Confusion about the `LayerNorm`s in `TransformerEncoder`

OpenNMT / OpenNMT-py

Open Source Neural Machine Translation and (Large) Language Models in PyTorch

https://opennmt.net/

MIT License

6.76k stars 2.25k forks source link

Confusion about the `LayerNorm`s in `TransformerEncoder` #770

Closed hfxunlp closed 6 years ago

hfxunlp commented 6 years ago

According to line 69, the input to the TransformerEncoderLayer will be normalized, but when I see line 120 and line 135, I found that the embedding to the first TransformerEncoderLayer will also be normalized. I am not sure whether this is right, since the original paper says nothing about this in section 5.4.

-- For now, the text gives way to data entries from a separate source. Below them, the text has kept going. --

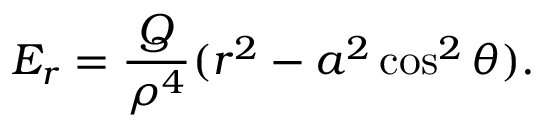
E _ { r } = \frac { Q } { \rho ^ { 4 } } ( r ^ { 2 } - a ^ { 2 } \cos ^ { 2 } \theta ) .
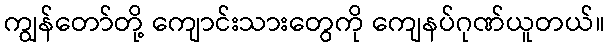
ကျွန်တော်တို့ ကျောင်းသားတွေကို ကျေနပ်ဂုဏ်ယူတယ်။
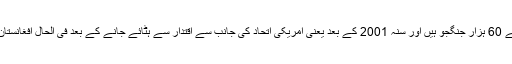
طالبان افغانستان کا اہم متحارب گروپ ہے جس کے 60 ہزار جنگجو ہیں اور سنہ 2001 کے بعد یعنی امریکی اتحاد کی جانب سے اقتدار سے ہٹائے جانے کے بعد فی الحال افغانستان میں سب سے زیادہ علاقے پر اس کا کنٹرول ہے۔

guillaumekln commented 6 years ago

This is an improvement coming from the reference implementation and used as default in their Transformer configuration. See:

https://github.com/tensorflow/tensor2tensor/blob/v1.6.5/tensor2tensor/layers/common_hparams.py#L110-L112

https://github.com/tensorflow/tensor2tensor/blob/v1.6.5/tensor2tensor/models/transformer.py#L1133-L1134

hfxunlp commented 6 years ago

Thank you. It really helps. @guillaumekln

Tristan-J commented 5 years ago

This is an improvement coming from the reference implementation and used as default in their Transformer configuration. See:

https://github.com/tensorflow/tensor2tensor/blob/v1.6.5/tensor2tensor/layers/common_hparams.py#L110-L112

https://github.com/tensorflow/tensor2tensor/blob/v1.6.5/tensor2tensor/models/transformer.py#L1133-L1134

Hi Guillaumekln, still want to know why it's better... is there any mathematical explanation? Or it's according to the experimental results? Thanks!

guillaumekln commented 5 years ago

I believe it is according to experimental results from the original authors of the paper.